CLR cover

Problem 4: Oldenburger-Kolakoski Sequence

\( \def\K{\mathbf{K}} \def\blocks{\mathit{blocks}} \def\sa#1{\tt{#1}} \)

The Oldenburger-Kolakoski sequence is an autodescriptive and self-generating infinite sequence of symbols $\{\sa{1},\sa{2}\}$. More technically, it is its own run-length encoding. The sequence, denoted here by $\K$, is one of the strangest sequences. Despite the simplicity of its generation it appears to have a random behaviour.

By a block of letters in a word we mean a run of letters, that is, a maximal factor consisting of occurrences of the same letter. The operation $\blocks(S)$ replaces each block of a word $S$ by its length.
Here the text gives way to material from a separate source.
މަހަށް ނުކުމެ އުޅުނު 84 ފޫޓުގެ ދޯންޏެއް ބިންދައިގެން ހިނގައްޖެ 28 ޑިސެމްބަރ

For example, $$\blocks(\sa{2}\,\sa{1}\,\sa{1}\,\sa{1}\,\sa{2}\,\sa{2}\,\sa{1}\,\sa{2}\,\sa{2}\,\sa{2}) =\sa{1}\,\sa{3}\,\sa{2}\,\sa{1}\,\sa{3}.$$

The sequence $\K$ is the unique infinite sequence over the alphabet $\{\sa{1},\sa{2}\}$ that starts with $\sa{2}$ and satisfies $\blocks(\K)=\K$.

Remark. Usually the sequence is defined to start with $\sa{1}$, but it is more convenient here that it starts with $\sa{2}$. In fact, these are the same sequences after removing the first occurrence of $\sa{1}$.

Show that we can generate online the first $n$ symbols of the sequence $\K$ in $O(n)$ time and $O(\log n)$ space.
Produce $\K$ by iterating $h=\blocks^{-1}$ from $\sa{2}$.

The very small space used for the generation of $\K$ is the most interesting element of the question.

References

  • S. Brlek, D. Jamet, and G. Paquin. Smooth words on 2-letter alphabets having same parity. Theor. Comput. Sci., 393(1-3):166-181, 2008.
  • W. Kolakoski. Problem 5304. American Mathematical Monthly, 72(674), 1965.
  • J. Nilsson. Letter frequencies in the Kolakoski sequence. Acta Physica Polonica A, 126(2):549-552, 2014.
  • R. Oldenburger. Exponent trajectories in symbolic dynamics. Transactions of the American Mathematical Society, 46:453-466, 1939.